Hydrogen implantation effect in copper alloys selected for ITER investigated by positron annihilation spectroscopy

Abstract

Defects in the form of vacancies (loops, voids, etc) created by hydrogen implantation into selected Cu alloys foreseen for the International Thermonuclear Experimental Reactor (ITER) first wall cladding were studied using positron annihilation spectroscopy. The pulsed low-energy positron system, which enables depth profiling of the positron lifetime spectra in the near-surface region (20–460 nm) of hydrogen-implanted copper alloys, was applied, and its results were compared with TRIM calculations and transmission electron microscopy studies. The selected specimens were implanted in the Ion Beam Laboratory of FEI STU Bratislava. The energy of implantation was EH = 2 × 95 keV for the molecular ion beam.

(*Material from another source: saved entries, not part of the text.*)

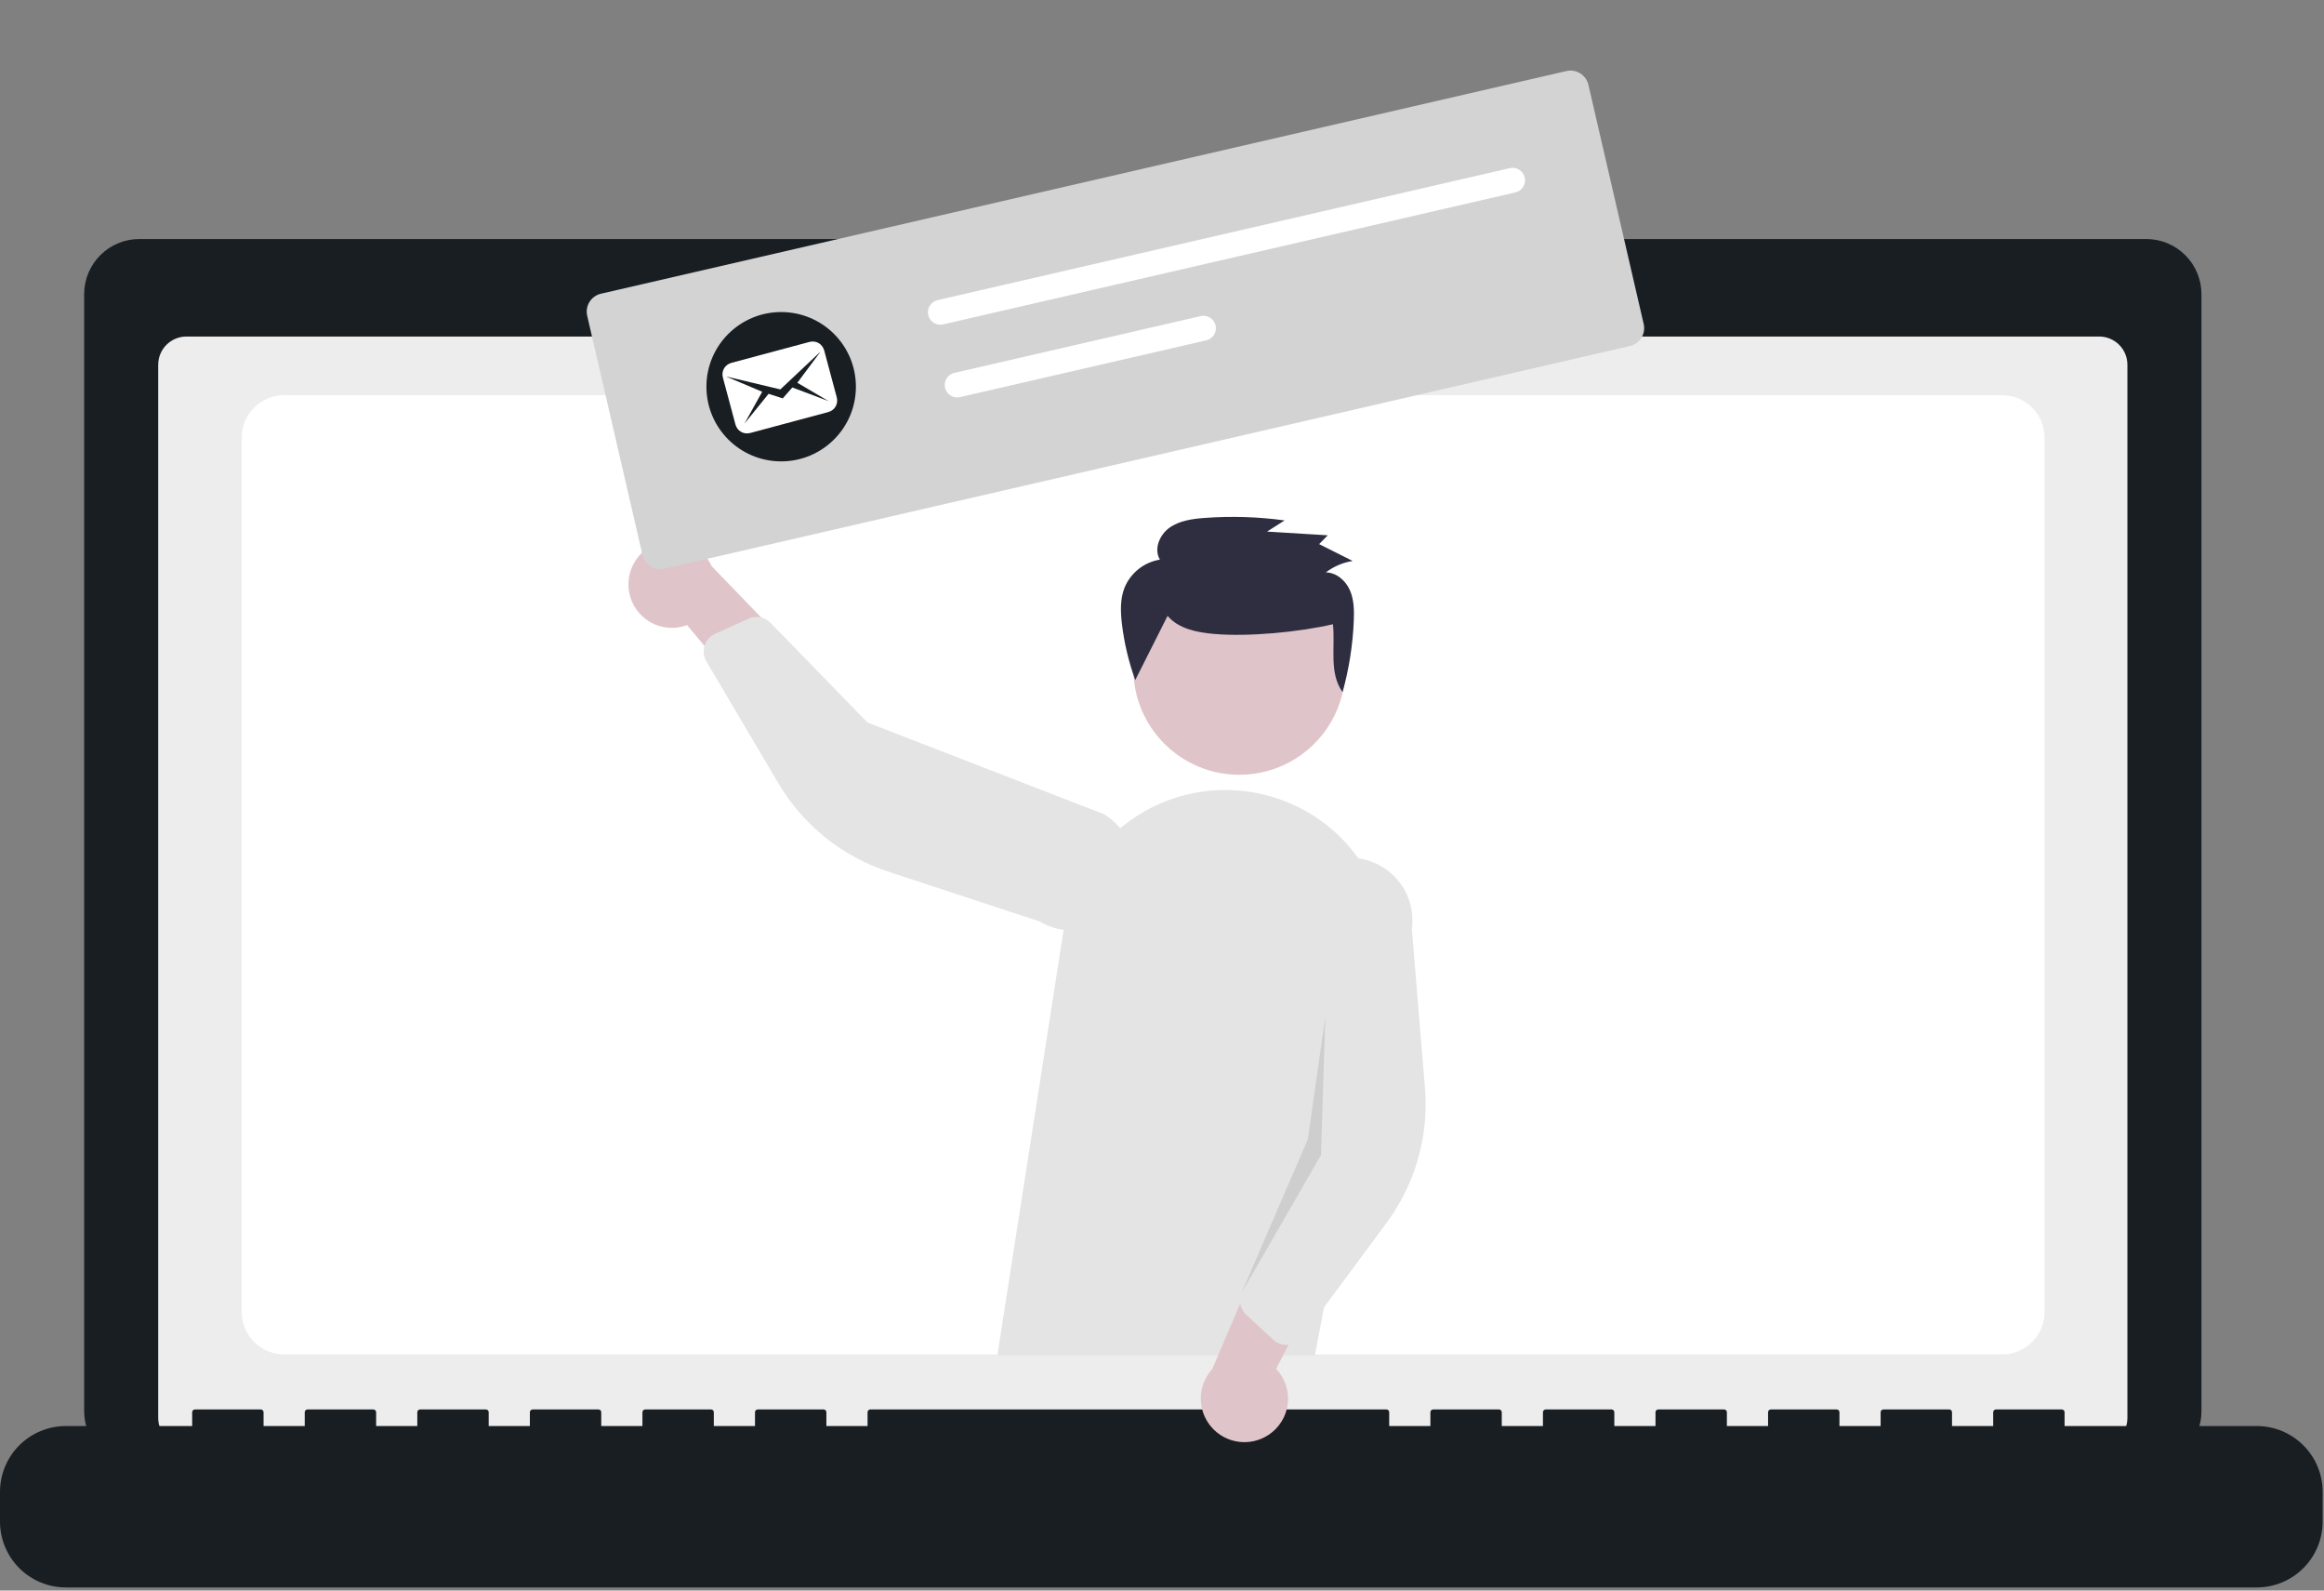 <svg width="494" height="338" viewBox="0 0 494 338" fill="none" xmlns="http://www.w3.org/2000/svg">
<rect x="0" y="0" width="494" height="338" fill="#808080" stroke="none"/>
<path d="M456.212 50.792H282.632V47.219H203.925V50.792H29.629C26.515 50.792 23.528 52.027 21.326 54.226C19.124 56.425 17.887 59.408 17.887 62.518V299.887C17.887 302.997 19.124 305.979 21.326 308.179C23.528 310.378 26.515 311.613 29.629 311.613H456.212C459.327 311.613 462.313 310.378 464.515 308.179C466.718 305.979 467.955 302.997 467.955 299.887V62.517C467.954 59.407 466.717 56.425 464.515 54.226C462.313 52.027 459.326 50.792 456.212 50.792Z" fill="#191E23"/>
<path d="M446.212 71.514H39.63C36.316 71.514 33.63 74.2 33.63 77.514V301.325C33.63 304.639 36.316 307.325 39.63 307.325H446.212C449.526 307.325 452.212 304.639 452.212 301.325V77.514C452.212 74.2 449.526 71.514 446.212 71.514Z" fill="#EDEDED"/>
<path d="M425.603 83.985H60.381C55.411 83.985 51.381 88.014 51.381 92.985V278.814C51.381 283.784 55.411 287.814 60.382 287.814H425.603C430.574 287.814 434.603 283.784 434.603 278.814V92.985C434.603 88.014 430.574 83.985 425.603 83.985Z" fill="white"/>
<path d="M242.563 65.084C244.934 65.084 246.856 63.164 246.856 60.796C246.856 58.428 244.934 56.508 242.563 56.508C240.192 56.508 238.27 58.428 238.27 60.796C238.27 63.164 240.192 65.084 242.563 65.084Z" fill="white"/>
<path d="M479.706 303.038H438.856V300.098C438.856 299.943 438.794 299.795 438.685 299.686C438.575 299.576 438.427 299.515 438.272 299.515H424.266C424.111 299.515 423.963 299.576 423.853 299.686C423.744 299.795 423.682 299.943 423.682 300.098V303.038H414.929V300.098C414.929 299.943 414.867 299.795 414.758 299.686C414.648 299.576 414.5 299.515 414.345 299.515H400.339C400.184 299.515 400.036 299.576 399.926 299.686C399.817 299.795 399.755 299.943 399.755 300.098V303.038H391.002V300.098C391.002 299.943 390.94 299.795 390.831 299.686C390.721 299.576 390.573 299.515 390.418 299.515H376.412C376.257 299.515 376.108 299.576 375.999 299.686C375.89 299.795 375.828 299.943 375.828 300.098V303.038H367.075V300.098C367.075 299.943 367.013 299.795 366.904 299.686C366.794 299.576 366.646 299.515 366.491 299.515H352.485C352.331 299.515 352.182 299.576 352.073 299.686C351.963 299.795 351.902 299.943 351.902 300.098V303.038H343.148V300.098C343.148 299.943 343.086 299.795 342.977 299.686C342.867 299.576 342.719 299.515 342.564 299.515H328.558C328.404 299.515 328.255 299.576 328.146 299.686C328.036 299.795 327.975 299.943 327.975 300.098V303.038H319.221V300.098C319.221 299.943 319.159 299.795 319.05 299.686C318.94 299.576 318.792 299.515 318.637 299.515H304.634C304.479 299.515 304.331 299.576 304.221 299.686C304.112 299.795 304.05 299.943 304.05 300.098V303.038H295.293V300.098C295.293 299.943 295.232 299.795 295.122 299.686C295.013 299.576 294.865 299.515 294.71 299.515H184.996C184.841 299.515 184.693 299.576 184.583 299.686C184.474 299.795 184.412 299.943 184.412 300.098V303.038H175.659V300.098C175.659 299.943 175.597 299.795 175.488 299.686C175.378 299.576 175.23 299.515 175.075 299.515H161.069C160.914 299.515 160.766 299.576 160.656 299.686C160.547 299.795 160.485 299.943 160.485 300.098V303.038H151.732V300.098C151.732 299.943 151.67 299.795 151.561 299.686C151.451 299.576 151.303 299.515 151.148 299.515H137.143C136.988 299.515 136.839 299.576 136.73 299.686C136.62 299.795 136.559 299.943 136.559 300.098V303.038H127.805V300.098C127.805 299.943 127.743 299.795 127.634 299.686C127.524 299.576 127.376 299.515 127.221 299.515H113.216C113.061 299.515 112.912 299.576 112.803 299.686C112.693 299.795 112.632 299.943 112.632 300.098V303.038H103.88V300.098C103.88 299.943 103.818 299.795 103.709 299.686C103.599 299.576 103.451 299.515 103.296 299.515H89.289C89.134 299.515 88.985 299.576 88.876 299.686C88.766 299.795 88.705 299.943 88.705 300.098V303.038H79.951V300.098C79.951 299.943 79.89 299.795 79.78 299.686C79.671 299.576 79.522 299.515 79.368 299.515H65.362C65.207 299.515 65.058 299.576 64.949 299.686C64.839 299.795 64.778 299.943 64.778 300.098V303.038H56.024V300.098C56.024 299.943 55.963 299.795 55.853 299.686C55.744 299.576 55.595 299.515 55.441 299.515H41.432C41.277 299.515 41.129 299.576 41.019 299.686C40.91 299.795 40.848 299.943 40.848 300.098V303.038H14.006C10.291 303.038 6.729 304.511 4.102 307.135C1.476 309.758 0 313.316 0 317.025V323.35C0 327.06 1.476 330.617 4.102 333.241C6.729 335.864 10.291 337.337 14.006 337.337H479.706C483.421 337.337 486.983 335.864 489.61 333.241C492.237 330.618 493.712 327.06 493.713 323.35V317.026C493.713 313.316 492.237 309.758 489.61 307.135C486.984 304.512 483.421 303.038 479.706 303.038V303.038Z" fill="#191E23"/>
<path d="M212 288L226.164 197.107C226.938 192.246 228.739 187.604 231.448 183.492C234.157 179.379 237.712 175.89 241.877 173.257C246.041 170.623 250.72 168.905 255.6 168.218C260.481 167.53 265.453 167.888 270.184 169.269C278.457 171.658 285.54 177.042 290.051 184.368C294.561 191.694 296.175 200.436 294.577 208.887L279.5 288H212Z" fill="#E4E4E4"/>
<path d="M269.658 304.909C270.783 304.167 271.731 303.188 272.436 302.041C273.141 300.893 273.585 299.605 273.738 298.268C273.891 296.93 273.748 295.575 273.319 294.299C272.891 293.022 272.188 291.855 271.259 290.88L286.294 261.803L269.362 263.607L257.681 290.943C256.149 292.611 255.283 294.782 255.244 297.045C255.206 299.308 255.999 301.506 257.473 303.225C258.947 304.945 261 306.065 263.245 306.375C265.49 306.686 267.771 306.164 269.657 304.91L269.658 304.909Z" fill="#DFC5C9"/>
<path d="M272.878 285.751C272.046 285.634 271.27 285.266 270.653 284.697L264.9 279.389C264.279 278.812 263.85 278.059 263.671 277.232C263.492 276.404 263.571 275.541 263.899 274.76L275.396 247.546L273.765 193.772C274.241 190.284 276.086 187.127 278.893 184.997C281.7 182.866 285.24 181.937 288.733 182.413C292.226 182.889 295.387 184.731 297.52 187.534C299.653 190.337 300.584 193.872 300.107 197.361L302.896 231.164C303.744 241.423 300.831 251.641 294.7 259.916L276.771 284.122C276.426 284.587 275.987 284.975 275.482 285.259C274.978 285.544 274.419 285.719 273.842 285.774C273.521 285.804 273.197 285.797 272.878 285.751Z" fill="#E4E4E4"/>
<path d="M133.742 125.895C133.987 127.218 134.52 128.472 135.304 129.568C136.087 130.664 137.101 131.575 138.275 132.237C139.448 132.899 140.753 133.296 142.097 133.4C143.441 133.504 144.792 133.312 146.053 132.838L167.003 158.002L171.94 141.727L151.29 120.326C150.347 118.268 148.684 116.626 146.613 115.71C144.541 114.793 142.206 114.666 140.047 115.351C137.888 116.036 136.055 117.487 134.893 119.429C133.732 121.372 133.322 123.672 133.742 125.895Z" fill="#DFC5C9"/>
<path d="M150.153 136.325C150.585 135.606 151.227 135.035 151.992 134.69L159.131 131.469C159.905 131.123 160.766 131.021 161.599 131.18C162.432 131.338 163.197 131.747 163.789 132.354L184.401 153.537L234.621 173.003C236.123 173.893 237.435 175.07 238.481 176.466C239.527 177.862 240.288 179.451 240.72 181.141C241.151 182.831 241.245 184.589 240.995 186.316C240.746 188.042 240.159 189.702 239.267 191.201C238.375 192.701 237.195 194.01 235.797 195.054C234.398 196.098 232.807 196.857 231.114 197.287C229.421 197.716 227.661 197.809 225.932 197.559C224.204 197.309 222.542 196.721 221.041 195.829L188.785 185.214C178.994 181.993 170.708 175.331 165.468 166.466L150.139 140.54C149.845 140.042 149.659 139.487 149.593 138.912C149.528 138.337 149.584 137.754 149.758 137.202C149.855 136.895 149.988 136.601 150.155 136.325L150.153 136.325Z" fill="#E4E4E4"/>
<path opacity="0.1" d="M281.708 216.141L280.791 245.445L263.899 274.762L278.004 242.094L281.708 216.141Z" fill="black"/>
<path d="M263.44 164.642C275.878 164.642 285.962 154.571 285.962 142.149C285.962 129.727 275.878 119.657 263.44 119.657C251.001 119.657 240.918 129.727 240.918 142.149C240.918 154.571 251.001 164.642 263.44 164.642Z" fill="#DFC5C9"/>
<path d="M248.187 130.875C250.51 133.621 254.441 134.395 258.068 134.713C265.433 135.358 276.143 134.313 283.34 132.652C283.854 137.625 282.454 142.986 285.386 147.076C286.761 142.124 287.56 137.031 287.768 131.896C287.857 129.697 287.822 127.416 286.926 125.394C286.03 123.373 284.076 121.657 281.826 121.639C283.498 120.372 285.456 119.536 287.528 119.204L280.403 115.628L282.233 113.752L269.332 112.964L273.068 110.593C267.445 109.822 261.756 109.644 256.095 110.06C253.466 110.253 250.717 110.623 248.588 112.144C246.458 113.665 245.227 116.688 246.549 118.922C244.894 119.193 243.335 119.882 242.021 120.924C240.707 121.965 239.681 123.324 239.04 124.873C238.09 127.277 238.177 129.947 238.47 132.509C238.956 136.606 239.909 140.635 241.312 144.516" fill="#2F2E41"/>
<path d="M346.468 73.529L141.245 120.846C140.237 121.077 139.179 120.9 138.302 120.352C137.425 119.805 136.801 118.933 136.567 117.927L124.814 67.087C124.583 66.081 124.761 65.024 125.309 64.148C125.857 63.272 126.73 62.649 127.737 62.416L332.96 15.099C333.968 14.868 335.027 15.045 335.904 15.593C336.78 16.14 337.404 17.012 337.638 18.018L349.391 68.858C349.622 69.864 349.444 70.921 348.897 71.797C348.349 72.673 347.475 73.296 346.468 73.529Z" fill="#D3D3D3"/>
<path d="M199.299 63.777C198.96 63.854 198.639 63.998 198.356 64.199C198.072 64.4 197.831 64.655 197.646 64.949C197.461 65.243 197.336 65.571 197.278 65.914C197.22 66.256 197.23 66.607 197.308 66.945C197.386 67.284 197.529 67.604 197.731 67.887C197.932 68.17 198.188 68.411 198.482 68.595C198.777 68.78 199.105 68.905 199.448 68.963C199.791 69.02 200.142 69.01 200.481 68.933L200.49 68.93L322.125 40.886C322.809 40.727 323.401 40.304 323.772 39.71C324.144 39.115 324.263 38.398 324.106 37.715C323.948 37.032 323.525 36.44 322.93 36.069C322.336 35.697 321.618 35.576 320.934 35.732L199.299 63.777Z" fill="white"/>
<path d="M202.873 79.238C202.534 79.316 202.214 79.459 201.93 79.66C201.646 79.861 201.405 80.116 201.22 80.41C201.036 80.705 200.911 81.032 200.852 81.375C200.794 81.717 200.805 82.068 200.882 82.407C200.96 82.745 201.104 83.065 201.305 83.348C201.507 83.631 201.762 83.872 202.057 84.057C202.351 84.241 202.68 84.366 203.022 84.424C203.365 84.482 203.716 84.471 204.055 84.394L204.064 84.392L256.404 72.324C257.089 72.167 257.683 71.745 258.056 71.151C258.429 70.557 258.55 69.84 258.393 69.156C258.237 68.472 257.814 67.879 257.22 67.507C256.625 67.134 255.906 67.012 255.222 67.168L255.213 67.171L202.873 79.238Z" fill="white"/>
<path d="M166.046 98.044C174.821 98.044 181.935 90.94 181.935 82.177C181.935 73.414 174.821 66.31 166.046 66.31C157.272 66.31 150.158 73.414 150.158 82.177C150.158 90.94 157.272 98.044 166.046 98.044Z" fill="#191E23"/>
<path d="M172.047 72.666L155.484 77.104C154.077 77.481 153.288 78.846 153.666 80.254L156.328 90.191C156.706 91.599 158.071 92.387 159.478 92.01L176.041 87.572C177.449 87.195 178.237 85.83 177.86 84.422L175.197 74.484C174.82 73.077 173.455 72.288 172.047 72.666ZM176.127 85.241L168.425 82.335L166.384 84.656L163.373 83.688L158.239 90.034L162.014 83.254L154.306 79.993L165.874 82.752L174.452 74.684L169.489 81.339L176.127 85.241Z" fill="white"/>
</svg>

The temperature during this process was lower than 90°C. Two implantation doses were chosen for both the alloys: 1.3 × 1019 ions cm−2 (1.1 C cm−2) and 5 × 1018 ions cm−2 (0.4 C cm−2). Although the influences of neutrons with energy 14 MeV and protons with energy 95 keV are not the same (differences in energy and existence of proton charge), experimental simulation of radiation damage of ITER construction materials was successfully performed. The results are discussed in terms of microstructural changes of the studied materials upon irradiation. The CuAl25 alloy seems to be more resistant to proton bombardment than CuCrZr.